## Task directions
Retype the material so that each line matches the original exactly.

## Dataset
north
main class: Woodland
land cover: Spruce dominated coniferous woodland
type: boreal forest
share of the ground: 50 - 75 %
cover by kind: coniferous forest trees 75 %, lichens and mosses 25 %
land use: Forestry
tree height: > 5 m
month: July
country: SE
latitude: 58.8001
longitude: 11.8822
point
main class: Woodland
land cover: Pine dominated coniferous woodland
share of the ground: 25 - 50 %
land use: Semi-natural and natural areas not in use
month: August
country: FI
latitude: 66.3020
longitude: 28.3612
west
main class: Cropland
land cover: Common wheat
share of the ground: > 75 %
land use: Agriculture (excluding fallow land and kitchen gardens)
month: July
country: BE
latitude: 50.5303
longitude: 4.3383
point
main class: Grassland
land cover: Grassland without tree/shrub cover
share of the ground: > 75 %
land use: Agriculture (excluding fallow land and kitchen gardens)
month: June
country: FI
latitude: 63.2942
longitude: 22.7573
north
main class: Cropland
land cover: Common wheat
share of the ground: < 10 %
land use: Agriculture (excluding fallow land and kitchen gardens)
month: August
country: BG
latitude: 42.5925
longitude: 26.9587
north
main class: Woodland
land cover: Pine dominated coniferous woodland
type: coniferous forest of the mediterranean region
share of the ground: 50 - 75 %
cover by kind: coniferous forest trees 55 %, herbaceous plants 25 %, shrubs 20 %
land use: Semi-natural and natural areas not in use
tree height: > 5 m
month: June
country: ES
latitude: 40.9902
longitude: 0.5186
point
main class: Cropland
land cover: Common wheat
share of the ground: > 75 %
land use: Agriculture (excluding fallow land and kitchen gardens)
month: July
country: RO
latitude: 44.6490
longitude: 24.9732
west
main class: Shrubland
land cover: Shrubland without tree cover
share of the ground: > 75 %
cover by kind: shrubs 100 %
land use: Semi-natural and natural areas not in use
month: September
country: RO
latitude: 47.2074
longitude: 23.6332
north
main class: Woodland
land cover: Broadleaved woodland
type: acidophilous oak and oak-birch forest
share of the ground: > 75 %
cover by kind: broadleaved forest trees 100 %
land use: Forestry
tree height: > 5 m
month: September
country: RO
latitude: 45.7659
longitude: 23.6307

## The answer
north
main class: Woodland
land cover: Spruce dominated coniferous woodland
type: boreal forest
share of the ground: 50 - 75 %
cover by kind: coniferous forest trees 75 %, lichens and mosses 25 %
land use: Forestry
tree height: > 5 m
month: July
country: SE
latitude: 58.8001
longitude: 11.8822
point
main class: Woodland
land cover: Pine dominated coniferous woodland
share of the ground: 25 - 50 %
land use: Semi-natural and natural areas not in use
month: August
country: FI
latitude: 66.3020
longitude: 28.3612
west
main class: Cropland
land cover: Common wheat
share of the ground: > 75 %
land use: Agriculture (excluding fallow land and kitchen gardens)
month: July
country: BE
latitude: 50.5303
longitude: 4.3383
point
main class: Grassland
land cover: Grassland without tree/shrub cover
share of the ground: > 75 %
land use: Agriculture (excluding fallow land and kitchen gardens)
month: June
country: FI
latitude: 63.2942
longitude: 22.7573
north
main class: Cropland
land cover: Common wheat
share of the ground: < 10 %
land use: Agriculture (excluding fallow land and kitchen gardens)
month: August
country: BG
latitude: 42.5925
longitude: 26.9587
north
main class: Woodland
land cover: Pine dominated coniferous woodland
type: coniferous forest of the mediterranean region
share of the ground: 50 - 75 %
cover by kind: coniferous forest trees 55 %, herbaceous plants 25 %, shrubs 20 %
land use: Semi-natural and natural areas not in use
tree height: > 5 m
month: June
country: ES
latitude: 40.9902
longitude: 0.5186
point
main class: Cropland
land cover: Common wheat
share of the ground: > 75 %
land use: Agriculture (excluding fallow land and kitchen gardens)
month: July
country: RO
latitude: 44.6490
longitude: 24.9732
west
main class: Shrubland
land cover: Shrubland without tree cover
share of the ground: > 75 %
cover by kind: shrubs 100 %
land use: Semi-natural and natural areas not in use
month: September
country: RO
latitude: 47.2074
longitude: 23.6332
north
main class: Woodland
land cover: Broadleaved woodland
type: acidophilous oak and oak-birch forest
share of the ground: > 75 %
cover by kind: broadleaved forest trees 100 %
land use: Forestry
tree height: > 5 m
month: September
country: RO
latitude: 45.7659
longitude: 23.6307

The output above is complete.